Embora haja a ameaça de racionamento, muitos acreditam que a população vai economizar a partir da alta da energia. Com uma conta maior no final do mês, os usuários estarão mais atentos

Para quem nunca se importou em deixar lâmpadas acesas desnecessariamente, que deixa a geladeira aberta enquanto lambisca ou que demora no banho o bastante para ficar com os dedos enrugados, aí vai um recado: seus hábitos anticonservacionistas estão com os dias contados.
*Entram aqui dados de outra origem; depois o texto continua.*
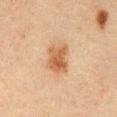A roughly 15 mm field-of-view crop from a total-body skin photograph. The tile uses cross-polarized illumination. The lesion is located on the abdomen. A male subject aged 58 to 62.

Muito em breve - antes do que se espera -, isso custará caro ao ponto de exigir novas atitudes.

A crise no setor energético cogita uma fase de racionamentos, cujas condições ninguém sabe como serão, e marca o início, ainda que forçado, de novas posturas por parte dos consumidores. A população só vai se dar conta da gravidade do problema quando faltar energia dentro de casa, mas toda crise tem lá seu lado bom. Nesse caso, as pessoas vão ter de aprender na marra a evitar o desperdício, ainda que isso contrarie a cultura do brasileiro, comentou Carlos Augusto Ramos Kirchner, diretor-adjunto da regional-Bauru do Sindicato dos Engenheiros no Estado de São Paulo (Seesp), entidade que vem exigindo mudanças no processo de privatização da Cesp.

Há quem acredite que o governo, antes de adotar medidas de suspensão, vai lançar mão de uma velha e infalível estratégia: onerar o produto para obter economia. O brasileiro só entende as coisas quando mexem no seu bolso. Temos aí o exemplo do propalado racionamento de combustível. Faltou gasolina? Não, mas o preço foi nas alturas e a população foi obrigada a diminuir o consumo. Pessoalmente, acho que o primeiro passo será o aumento da energia, que vai fazer explodir o valor das contas de luz e forçar o povo a economizar, prevê José Ângelo Cagnon, professor-doutor e chefe do Departamento de Engenharia Elétrica da Unesp-Bauru.

As ações conservacionistas, aliadas obviamente aos investimentos que há tempos o setor energético necessita, são vistas como essenciais nos dias de hoje. E elas não devem ficar restritas ao ambiente doméstico, mas se estender ao setor público, ao comércio e à indústria. Dentro de casa, há muito o que fazer, a começar pelo chuveiro, denominado o devorador de energia e responsável por 40% do consumo. Além de utilizá-lo com bom senso, o ideal seria optar por aparelhos de menor potência. Durante muitos anos, praticamente todos os chuveiros elétricos tinham 2.500 watts de potência. A atração irresistível do consumidor por potência, entretanto, fez com que o comércio inventasse aparelhos cada vez menores - e com designer moderno - e cada vez mais potentes. Hoje, raramente se encontra um deles com potência inferior a 4.400 watts.

O governo demonstra total desatenção a esse aspecto. De acordo com Kirchner, o Seesp apresentou à Agência Nacional de Energia Elétrica (Aneel) uma proposta para mudar a tendência do mercado, mas não foi ouvido. Eu entrei em contato com o pessoal da Lorenzetti e da F.A.M.E. para saber o real motivo do constante aumento da potência. Eles informaram que não há nenhuma razão técnica. É tudo uma jogada puramente comercial. Quando maior a potência, maior é a venda, constatou Kirchner.

O poder público também deve se preocupar com ações conservacionistas. Em Bauru, o Departamento de Água e Esgoto (DAE) saiu na frente e, com apenas uma ação de mudança de contrato, conseguiu uma economia de 14%. Poderíamos chegar a 50% se conseguíssemos desligar os poços nos horários de ponta (das 18 às 21 horas). O trabalho realizado no DAE nos alertou para a necessidade de aumentar a capacidade de reservação e isso foi feito. Se houvesse um racionamento hoje, as conseqüências para a população não seriam tão prejudiciais, disse Cagnon.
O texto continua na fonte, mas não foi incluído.